MyJob.set(wait: 1.week).perform_later
MyJob.set(cron: '*/5 * * * *').perform_later

We can create separate queues w/in delayed_job and start different delayed_job processes on different servers. We can give job higher priority w/in a queue. Data is stored in regular DB (just columns in a table) so we can view contents of delayed_jobs table or use Delayed::Job class to build simple GUI. Having rich data structure such as SQL table gives us lots of flexibility.

The biggest downside is scalability. As our application grows the primary DB will become very busy. Plus it will need to persist this data to disk. Not a problem when running thousands of daily jobs but can be a challenge when running millions.

Redis

Redis can be used for variety of tasks (caching, pub/sub) but it also makes a great queue with its Lists data structure. Since adding items to list is O(1) operation queueing jobs is very fast. Sidekiq is a mature library with free and commercial versions with uses many of the powerful data structures Redis provides. Sidekiq also has a number of plugins which create their own Redis records.

Lists

It uses Lists to queue individual jobs.

# queue:my_queue list.  Each item is a JSON encoded string
{
  "class": "ActiveJob::QueueAdapters::SidekiqAdapter::JobWrapper",
  "wrapped": "MyJob",
  "queue": "my_queue",
  "args": [
    {
      "job_class": "MyJob",
      "job_id": "b841f3a1-8292-4894-83dd-3fb3abbb0b05",
      "provider_job_id": null,
      "queue_name": "my_queue",
      "priority": null,
      "arguments": [],
      "executions": 0,
      "locale": "en"
    }
  ],
  "retry": true,
  "jid": "26f81b9f4f04b6195581fa50",
  "created_at": 1509478374.233956,
  "enqueued_at": 1509478374.234389
}

Sets

A set stores the names of different queues.

{"db":1,"key":"queues","ttl":-1,"type":"set","value":["default","high","low"],..}

Sorted Sets

When job fails it will be scheduled for retry and stored in Sorted Set. Score 1509474704.5617971 is the time to execute it and Sidekiq implements exponential backoff in case of multiple failures. Different Sorted Set is used to store jobs simply scheduled for later execution (far in the future if necessary).

# failed zset
{
  "class": "ActiveJob::QueueAdapters::SidekiqAdapter::JobWrapper",
  "wrapped": "MyJob",
  "queue": "my_queue",
  "args": [
    {
      "job_class": "MyJob",
      "job_id": "cc6909a3-b033-4e97-afd8-5bebd1f66460",
      "provider_job_id": null,
      "queue_name": "my_queue",
      "priority": null,
      "arguments": [],
      "executions": 0,
      "locale": "en"
    }
  ],
  "retry": true,
  "jid": "8ad1f65c8b1a1a7540be5914",
  "created_at": 1509474704.542902,
  "enqueued_at": 1509474704.542999,
  "error_message": "some kind of error",
  "error_class": "RuntimeError",
  "failed_at": 1509474704.561714,
  "retry_count": 0,
  "processor": "...local:68224"
}

Sidekiq/Redis also supports multiple queues (which can be given different weights). To prioritize jobs w/in a queue we can use Sorted Sets.

Hashes

Hashes are used for various statistics (sidekiq-statistic gem).

# sidekiq:statistic hash
{
  "2017-10-31:MyJob:passed": 35,
  "2017-10-31:MyJob:last_job_status": "passed",
  "2017-10-31:MyJob:last_time": "2017-10-31 18:35:12 UTC",
  "2017-10-31:MyJob:queue": "my_queue",
  "2017-10-31:MyJob:average_time": 0.005952380952380952,
  "2017-10-31:MyJob:min_time": 0,
  "2017-10-31:MyJob:max_time": 0.028,
  "2017-10-31:MyJob:total_time": 0.125,
  "2017-10-31:MyJob:failed": 1,
  ...
}

And to store recurring jobs with sidekiq-cron.

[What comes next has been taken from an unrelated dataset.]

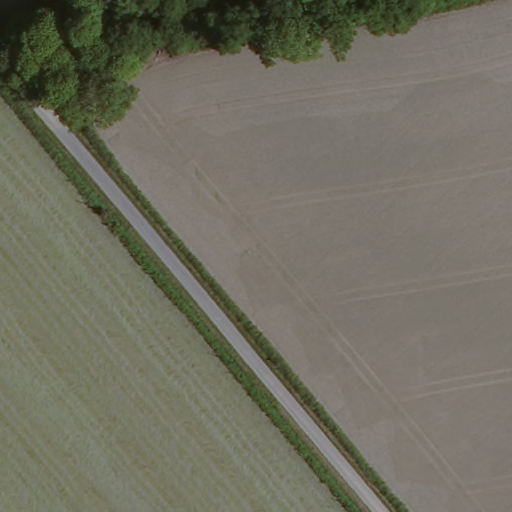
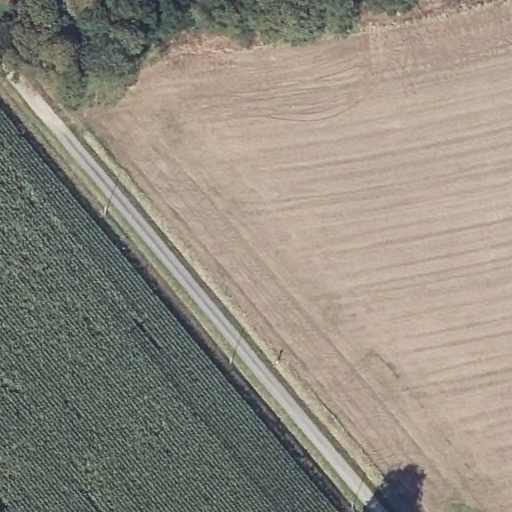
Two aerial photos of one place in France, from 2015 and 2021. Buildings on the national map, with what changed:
[]

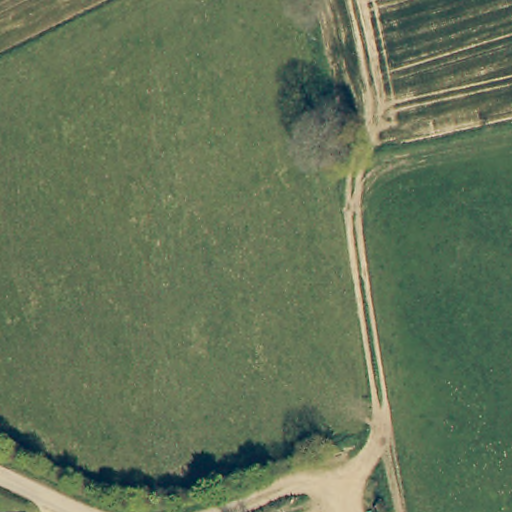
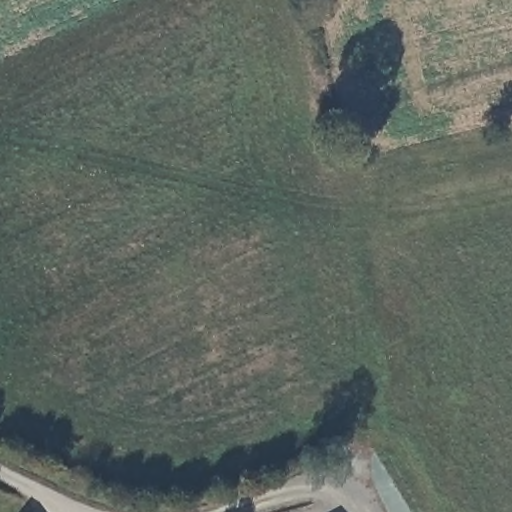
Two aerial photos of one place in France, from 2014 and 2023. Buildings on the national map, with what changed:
[]

# cron_job:schedule_name hash
{
  "name": "schedule_name",
  "klass": "MyJob",
  "cron": "1 * * * *",
  "description": "",
  "args": [],
  "message": {
    "queue": "my_queue",
    "class": "MyJob",
    "args": []
  },
  "status": "enabled",
  "active_job": false,
  "queue_name_prefix": "",
  "queue_name_delimiter": "",
  "last_enqueue_time": "2017-10-31 18:35:12 UTC"
}

Strings

sidekiq-unique-jobs creates separate Redis Strings to track jobs with their parameters and ensure uniqueness.

# uniquejobs:a35ea078baa09ea090c613233c786072 string
23d6bbd93891f04c3fef9f7e
# uniquejobs:ea6ae821c80f8d14f37932d52803b81a string
668b179fe44718ee7c2b1f6f

activejob-traffic_control uses Redis strings to control how fast jobs execute with throttling and concurrency.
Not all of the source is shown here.